Exercise: In the following listing, find the lines containing "rect" and report them.

Provided records:
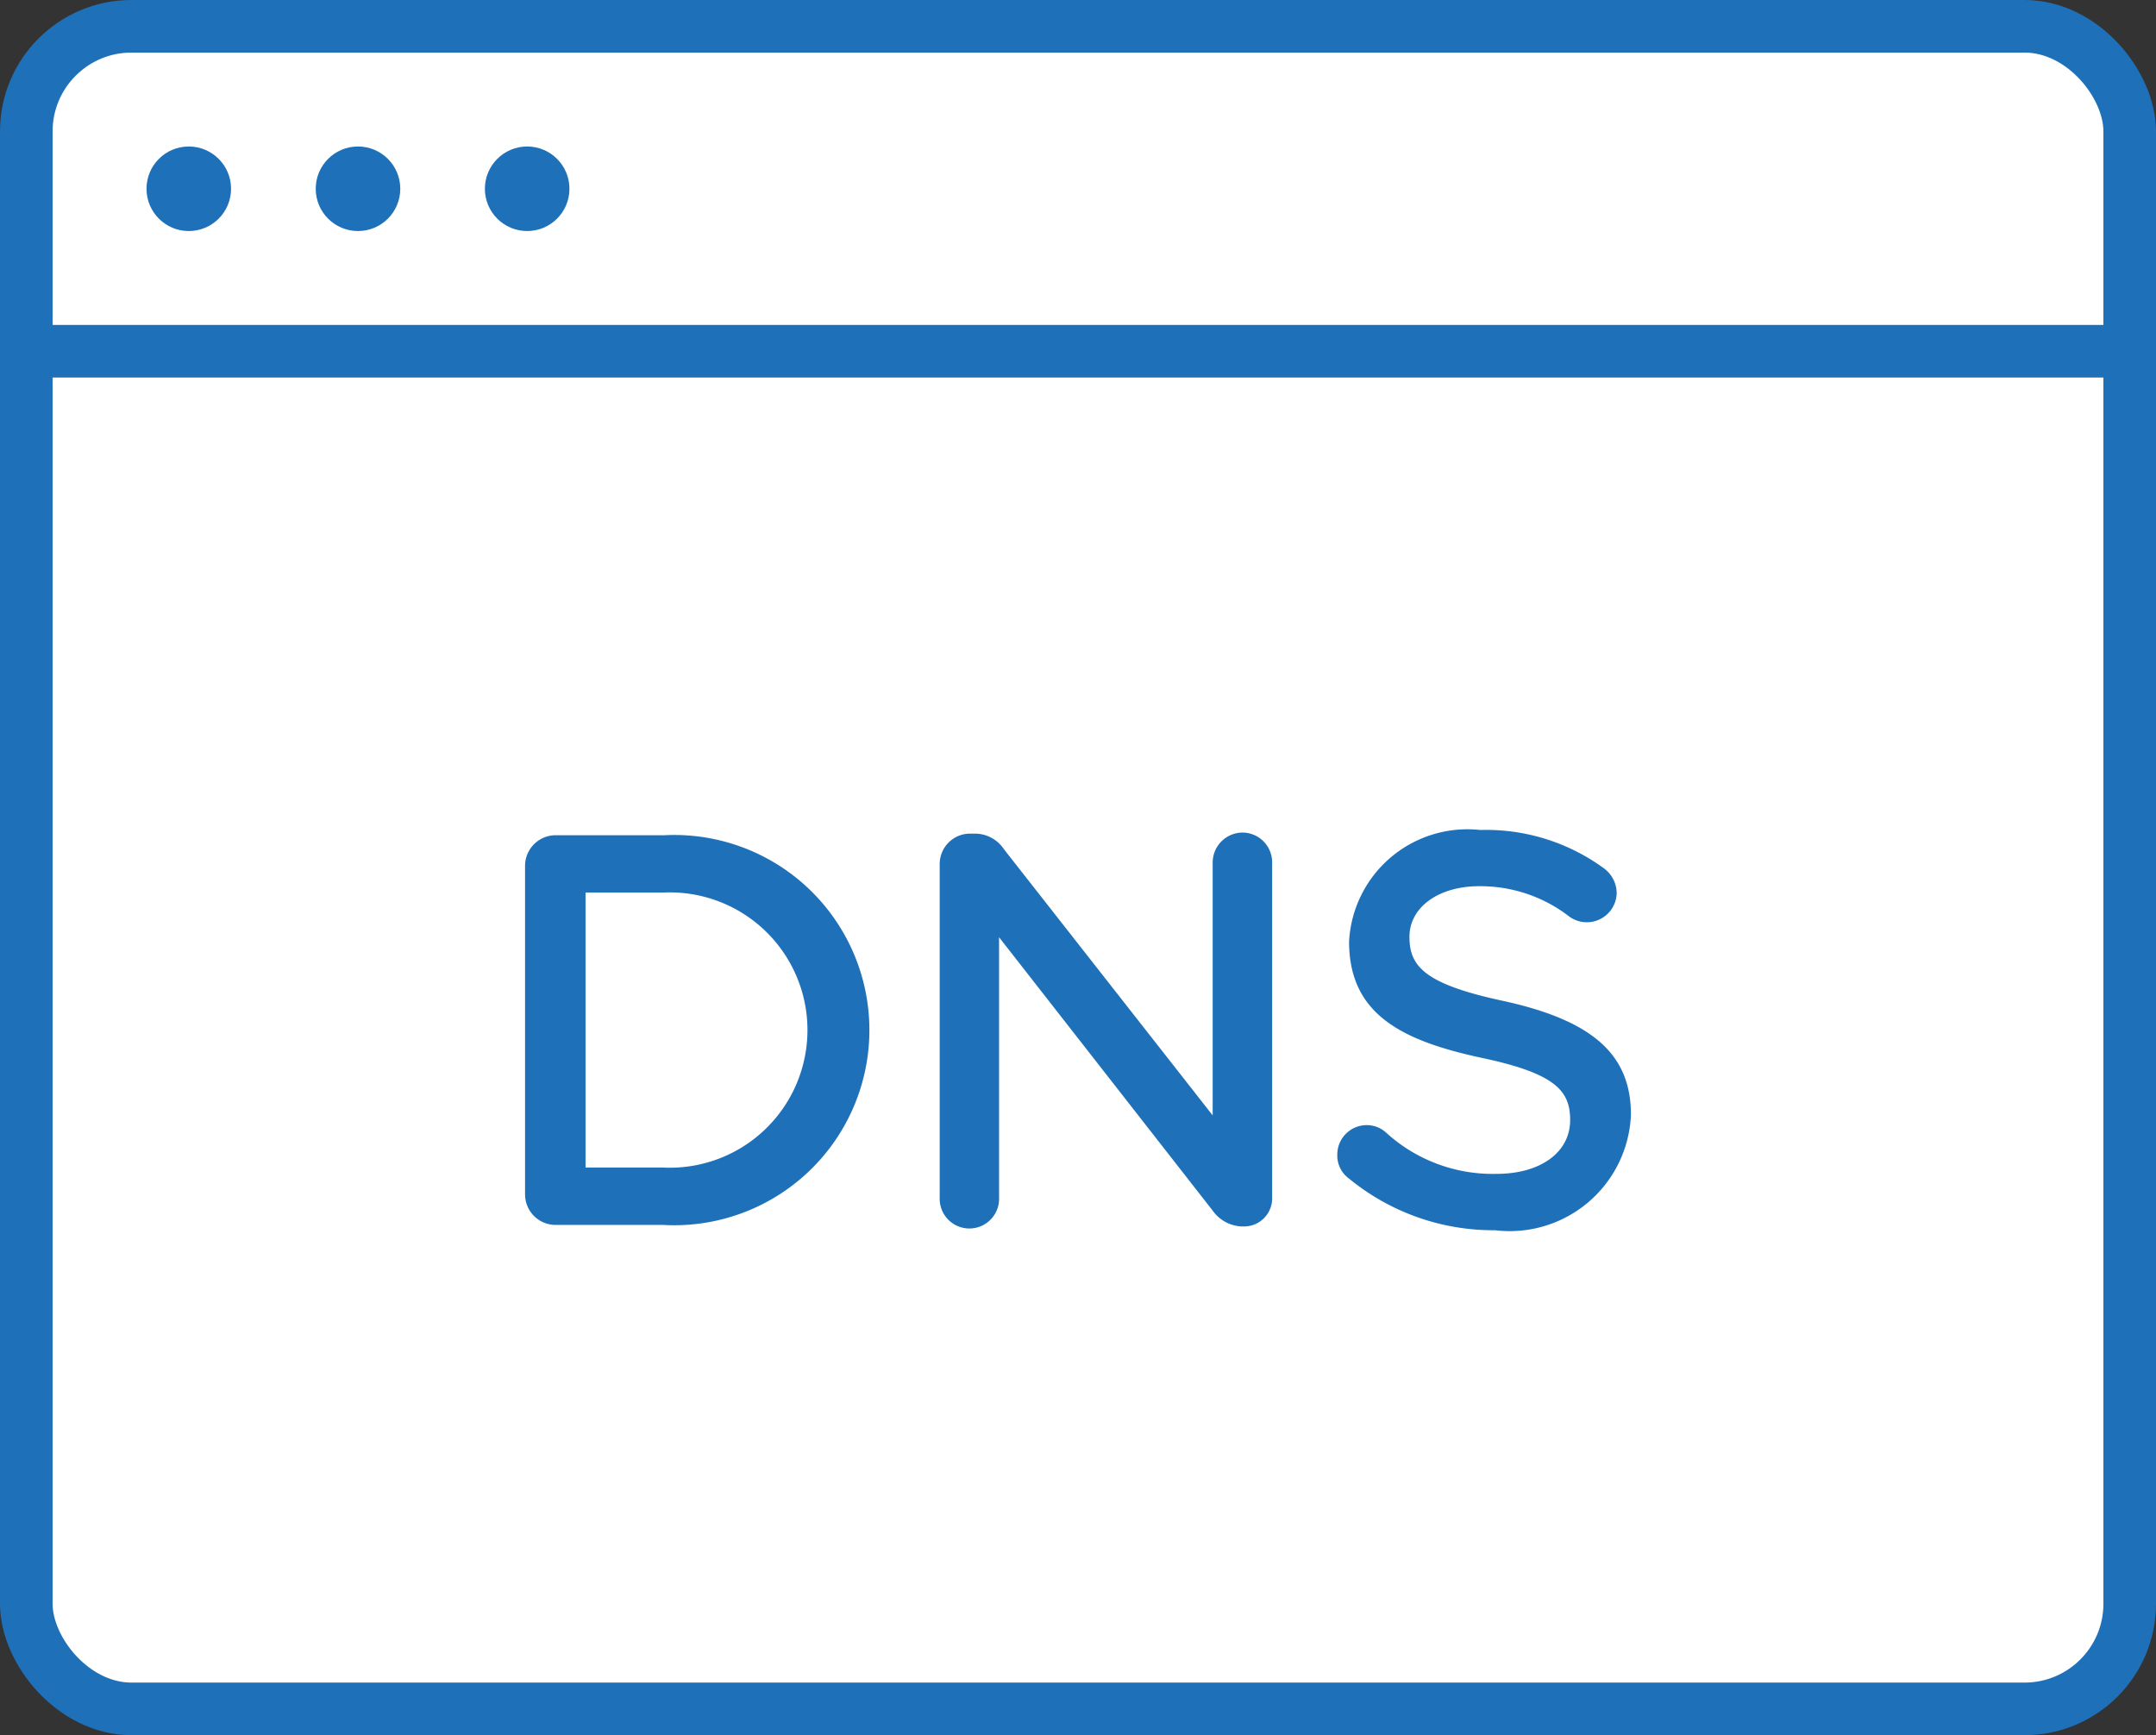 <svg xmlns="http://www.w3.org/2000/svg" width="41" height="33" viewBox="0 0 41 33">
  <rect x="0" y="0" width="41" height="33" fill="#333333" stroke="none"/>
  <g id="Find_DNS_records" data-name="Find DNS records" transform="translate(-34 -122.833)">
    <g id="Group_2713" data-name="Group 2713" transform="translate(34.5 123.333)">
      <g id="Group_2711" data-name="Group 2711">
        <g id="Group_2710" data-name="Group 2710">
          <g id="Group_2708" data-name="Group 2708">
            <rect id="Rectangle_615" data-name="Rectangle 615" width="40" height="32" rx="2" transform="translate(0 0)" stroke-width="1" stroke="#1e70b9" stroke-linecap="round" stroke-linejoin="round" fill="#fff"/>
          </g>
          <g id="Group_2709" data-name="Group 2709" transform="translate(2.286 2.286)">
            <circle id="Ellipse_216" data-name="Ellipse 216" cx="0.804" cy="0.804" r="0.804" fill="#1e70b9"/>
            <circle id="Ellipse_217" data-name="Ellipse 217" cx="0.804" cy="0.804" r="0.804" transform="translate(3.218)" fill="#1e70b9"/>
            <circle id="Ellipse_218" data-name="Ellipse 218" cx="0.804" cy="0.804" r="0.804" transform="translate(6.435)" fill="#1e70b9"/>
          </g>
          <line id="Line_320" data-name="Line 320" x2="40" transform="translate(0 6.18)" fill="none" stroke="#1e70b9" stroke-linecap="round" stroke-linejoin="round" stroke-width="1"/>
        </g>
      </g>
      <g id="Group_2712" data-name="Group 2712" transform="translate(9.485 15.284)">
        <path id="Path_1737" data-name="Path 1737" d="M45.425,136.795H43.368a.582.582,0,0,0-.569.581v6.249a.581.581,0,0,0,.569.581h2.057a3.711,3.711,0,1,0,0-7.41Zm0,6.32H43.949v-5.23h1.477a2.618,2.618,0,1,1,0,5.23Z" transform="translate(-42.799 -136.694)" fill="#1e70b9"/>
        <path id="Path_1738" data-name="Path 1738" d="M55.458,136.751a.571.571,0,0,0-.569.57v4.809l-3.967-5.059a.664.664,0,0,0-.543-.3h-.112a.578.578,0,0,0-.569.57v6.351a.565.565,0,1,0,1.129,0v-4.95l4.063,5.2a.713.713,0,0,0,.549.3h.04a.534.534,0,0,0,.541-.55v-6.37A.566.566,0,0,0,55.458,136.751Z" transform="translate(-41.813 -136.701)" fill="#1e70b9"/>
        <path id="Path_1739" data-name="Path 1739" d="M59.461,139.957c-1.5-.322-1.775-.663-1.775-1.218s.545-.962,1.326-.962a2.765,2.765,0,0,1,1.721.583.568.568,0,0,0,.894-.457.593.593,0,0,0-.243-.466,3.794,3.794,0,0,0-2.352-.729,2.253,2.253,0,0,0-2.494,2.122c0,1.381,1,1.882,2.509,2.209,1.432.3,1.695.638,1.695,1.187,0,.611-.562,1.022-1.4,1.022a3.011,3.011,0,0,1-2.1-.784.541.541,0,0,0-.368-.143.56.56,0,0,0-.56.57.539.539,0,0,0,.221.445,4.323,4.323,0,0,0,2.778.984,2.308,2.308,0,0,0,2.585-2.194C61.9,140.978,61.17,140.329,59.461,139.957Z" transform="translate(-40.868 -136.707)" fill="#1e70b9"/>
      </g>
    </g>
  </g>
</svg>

---

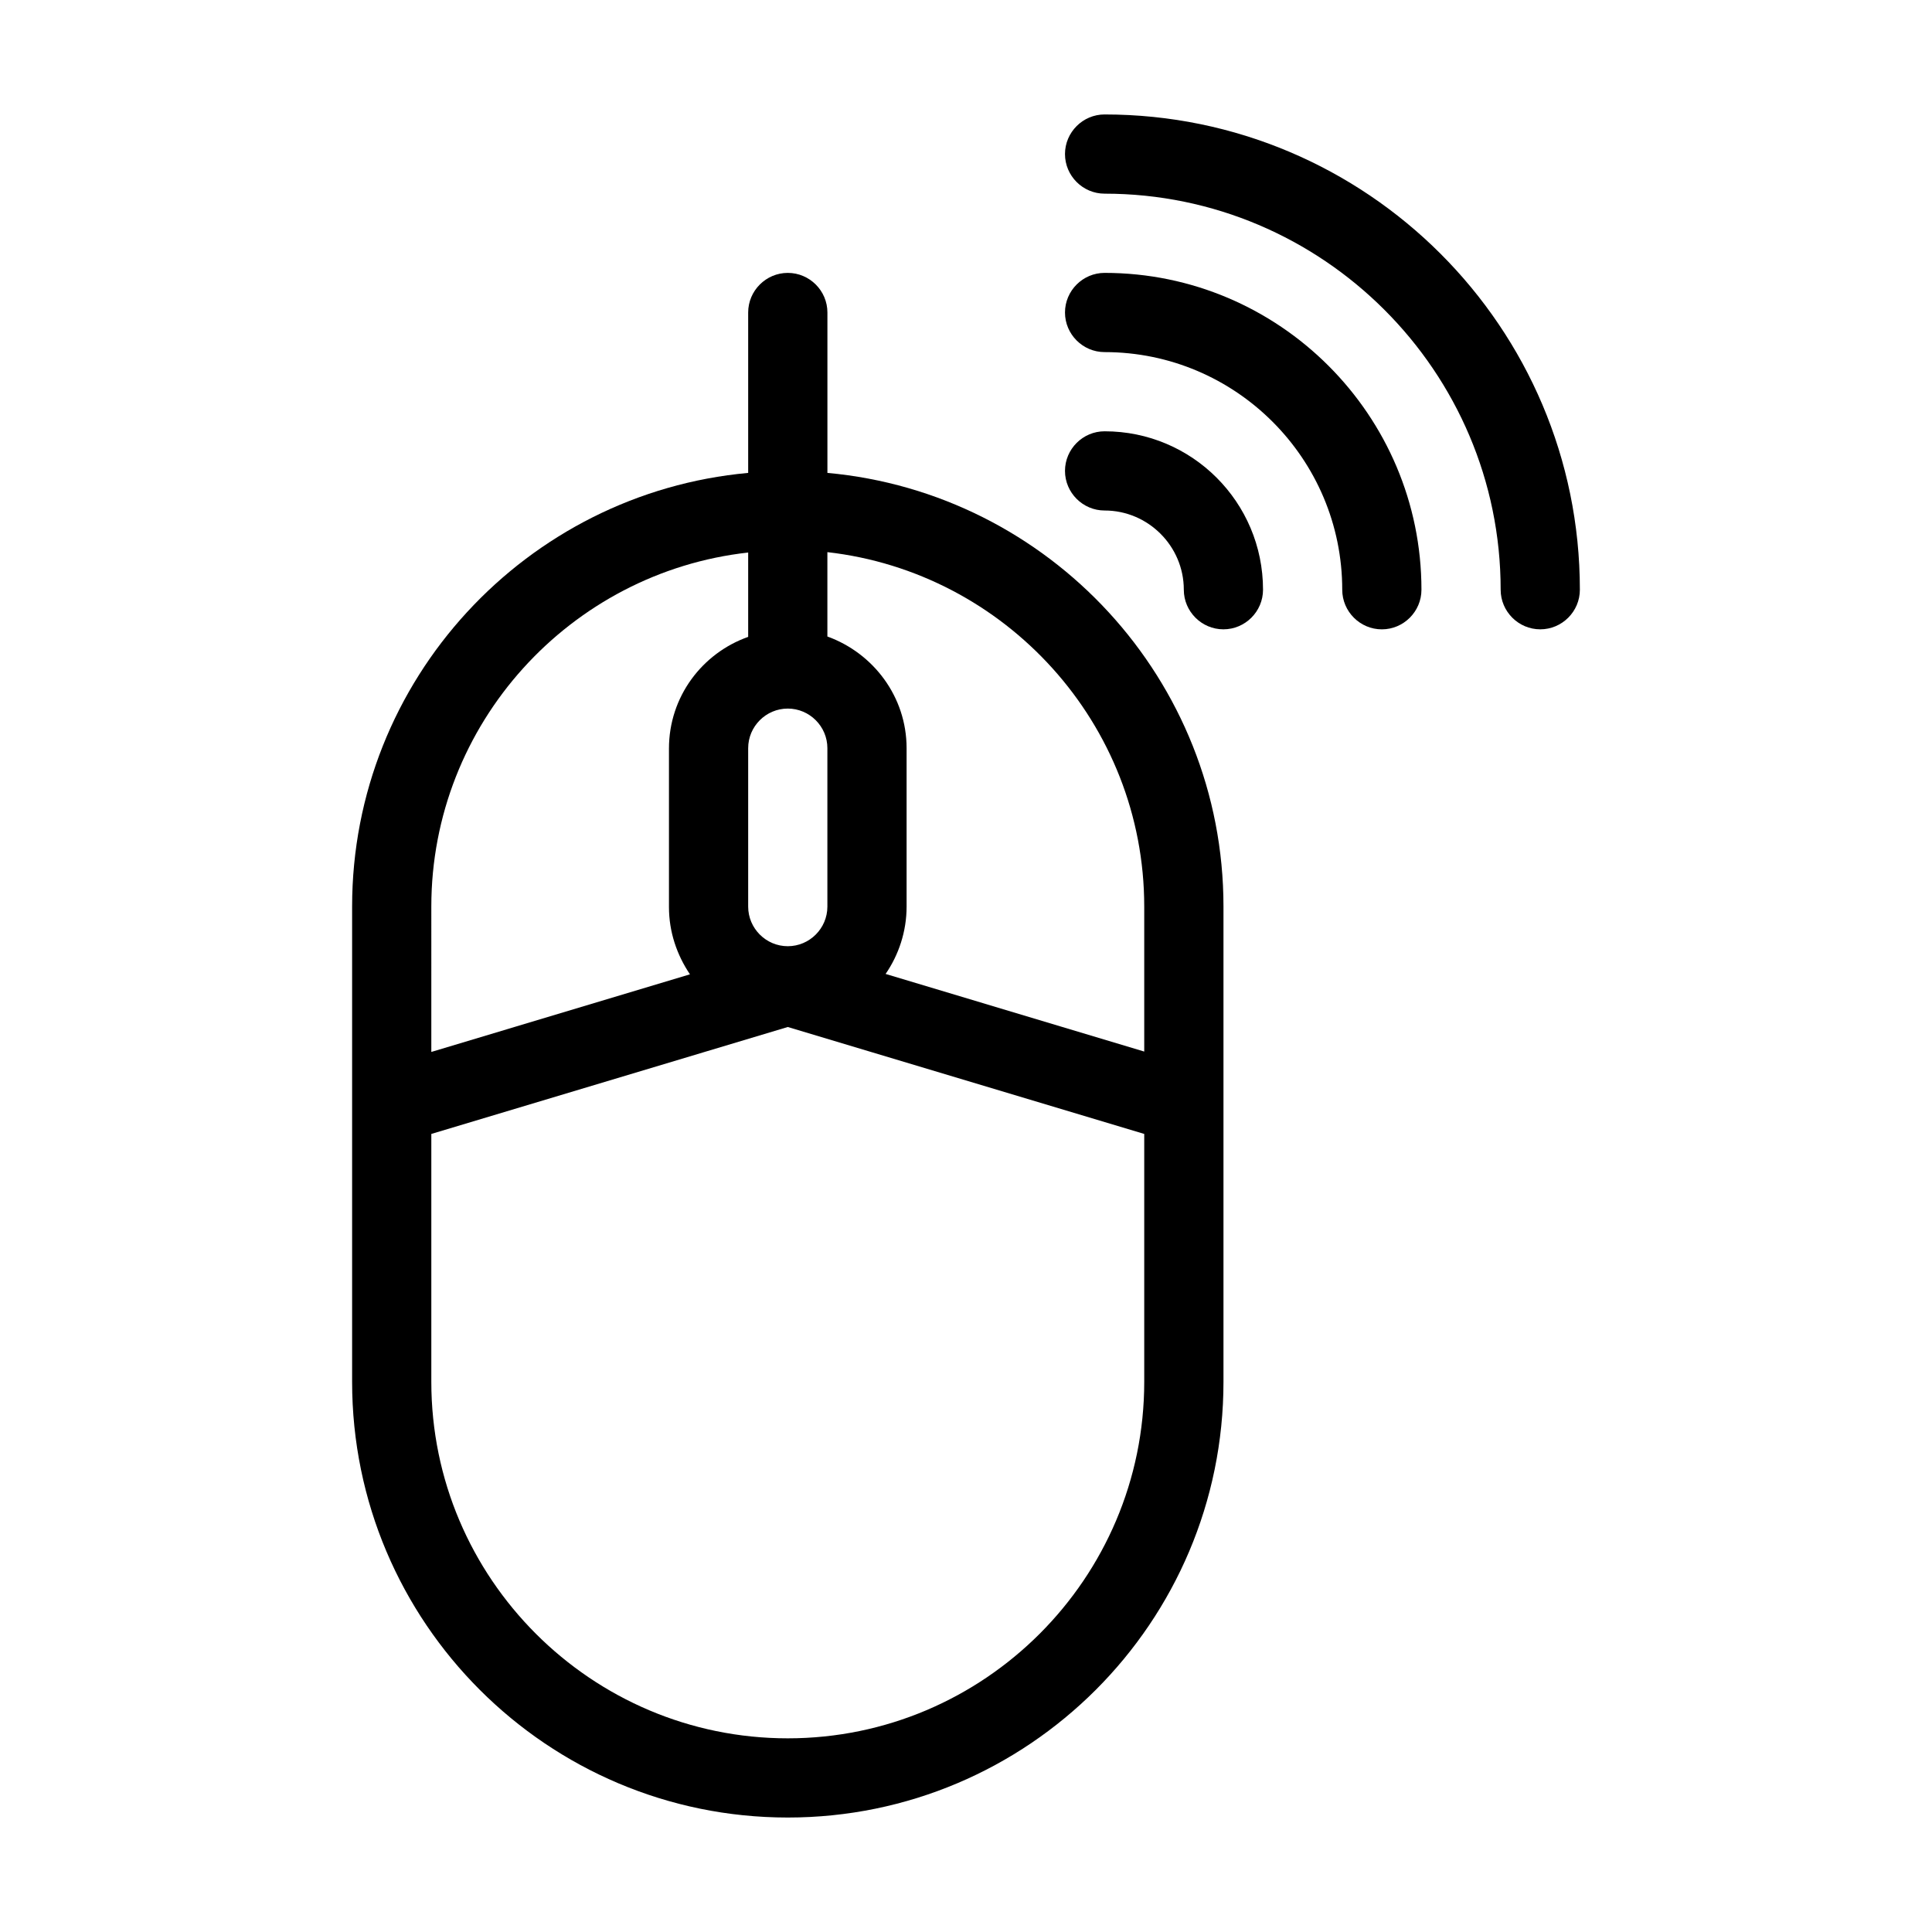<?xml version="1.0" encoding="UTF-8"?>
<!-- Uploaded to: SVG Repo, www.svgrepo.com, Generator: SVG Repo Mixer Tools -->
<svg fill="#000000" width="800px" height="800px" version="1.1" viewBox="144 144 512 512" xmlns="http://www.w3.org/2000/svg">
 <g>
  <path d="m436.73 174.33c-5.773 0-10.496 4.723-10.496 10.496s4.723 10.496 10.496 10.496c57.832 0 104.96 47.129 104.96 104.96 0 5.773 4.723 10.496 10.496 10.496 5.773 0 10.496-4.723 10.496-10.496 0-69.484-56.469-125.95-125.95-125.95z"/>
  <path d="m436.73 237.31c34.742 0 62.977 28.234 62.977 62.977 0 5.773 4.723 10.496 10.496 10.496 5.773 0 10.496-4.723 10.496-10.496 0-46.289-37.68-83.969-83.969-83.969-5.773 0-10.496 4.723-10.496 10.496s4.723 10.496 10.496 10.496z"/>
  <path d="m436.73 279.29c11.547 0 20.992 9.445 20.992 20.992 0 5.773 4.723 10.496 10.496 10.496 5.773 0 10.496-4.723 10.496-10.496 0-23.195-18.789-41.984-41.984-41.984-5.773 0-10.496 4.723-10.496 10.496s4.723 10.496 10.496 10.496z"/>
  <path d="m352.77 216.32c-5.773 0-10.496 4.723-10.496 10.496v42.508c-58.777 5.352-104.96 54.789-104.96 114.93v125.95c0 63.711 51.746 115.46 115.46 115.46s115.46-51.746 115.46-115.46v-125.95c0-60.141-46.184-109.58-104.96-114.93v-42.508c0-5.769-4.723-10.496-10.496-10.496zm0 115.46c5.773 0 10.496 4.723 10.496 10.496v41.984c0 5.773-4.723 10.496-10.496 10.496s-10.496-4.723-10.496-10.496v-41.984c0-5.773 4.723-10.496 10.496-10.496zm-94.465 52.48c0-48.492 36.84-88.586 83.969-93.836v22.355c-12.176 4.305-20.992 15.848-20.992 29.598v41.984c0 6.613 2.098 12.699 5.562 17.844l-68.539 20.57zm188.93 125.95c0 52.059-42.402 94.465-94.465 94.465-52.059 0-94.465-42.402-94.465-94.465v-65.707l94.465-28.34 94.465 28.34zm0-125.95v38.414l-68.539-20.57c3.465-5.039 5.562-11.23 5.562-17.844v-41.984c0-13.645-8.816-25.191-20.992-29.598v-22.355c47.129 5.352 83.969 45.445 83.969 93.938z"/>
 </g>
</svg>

Finished exercise:
  <rect x="0" y="0" width="41" height="33" fill="#333333" stroke="none"/>
            <rect id="Rectangle_615" data-name="Rectangle 615" width="40" height="32" rx="2" transform="translate(0 0)" stroke-width="1" stroke="#1e70b9" stroke-linecap="round" stroke-linejoin="round" fill="#fff"/>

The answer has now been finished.